While regulatory shifts can drive innovation, they may also introduce complexity and uncertainty, potentially impacting strategic decisions and financial performance.

(Re)insurers may need to prioritize strategies for proactive regulatory engagement, integrating government relations into business units and anticipating regulatory obligations to stay ahead of changes. 

Paul Carroll

How does technological acceleration affect (re)insurers?

Sandra Said

Rapid technological change brings both opportunities and threats. (Re)insurers need to develop and retain the right talent – those who have the technical skills along with the knowledge of the company, its technical capabilities, and its ways of working. Ensuring a talent pipeline exists within the organization is key, including robust succession planning to build the next generation of digital skills necessary following retirements and attrition.
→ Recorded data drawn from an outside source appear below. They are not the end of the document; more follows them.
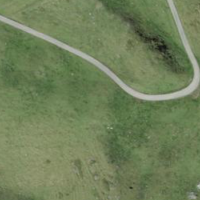
EUNIS habitat code: 23
Species observed at this site:
Geum montanum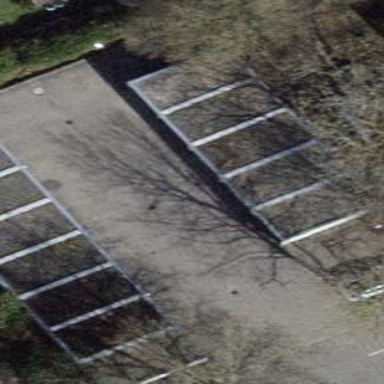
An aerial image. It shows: Garage.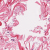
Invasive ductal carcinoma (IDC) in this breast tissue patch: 0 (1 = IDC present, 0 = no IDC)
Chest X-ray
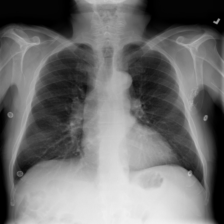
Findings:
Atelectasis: negative
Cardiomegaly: negative
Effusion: negative
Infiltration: positive
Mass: negative
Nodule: negative
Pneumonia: negative
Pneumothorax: negative
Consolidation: negative
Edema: negative
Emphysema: negative
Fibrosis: negative
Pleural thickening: negative
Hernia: negative
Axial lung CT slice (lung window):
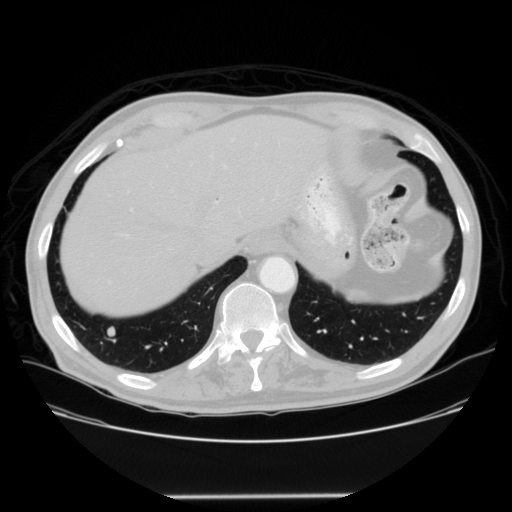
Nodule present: yes
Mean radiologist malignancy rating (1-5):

The experience and skills needed to build emerging technology solutions are in high demand to support changing business needs. The challenge lies in integrating new technologies effectively; failure to do so can impact competitiveness and operational efficiency. Increased digitalization also heightens the importance of data privacy and regulatory compliance.

(Re)insurers may take a proactive approach to technology adoption, while balancing innovation exploration (through monitoring and proof-of-concepts) with security and compliance considerations.

Paul Carroll

What steps can (re)insurers take to address these emerging risks?

Sandra Said

Agile and responsive risk management is essential. Integrating emerging risk insights into strategic planning and developing targeted action plans is no longer a “nice-to-have”; it is a strategic imperative. Equally, fostering a culture of risk awareness and knowledge sharing helps ensure emerging risks are openly communicated throughout the organization. 

At RGA, we have designed and implemented an online platform for enterprise-wide collaboration and information sharing. Education sessions delivered by subject matter experts throughout RGA help cascade knowledge about these emerging risks across the enterprise. Such proactive engagement with cross-functional experts and ongoing education can help organizations anticipate challenges, seize opportunities, and maintain a competitive edge in a complex global environment.

In addition, scenario analysis enables (re)insurers to evaluate how emerging risks might impact their business under different future conditions. By conducting this analysis, organizations can develop proactive strategies and contingency plans to ensure readiness when these scenarios materialize. They also can – and should – establish early warning indicators that serve as alerts when potential risk scenarios begin to unfold.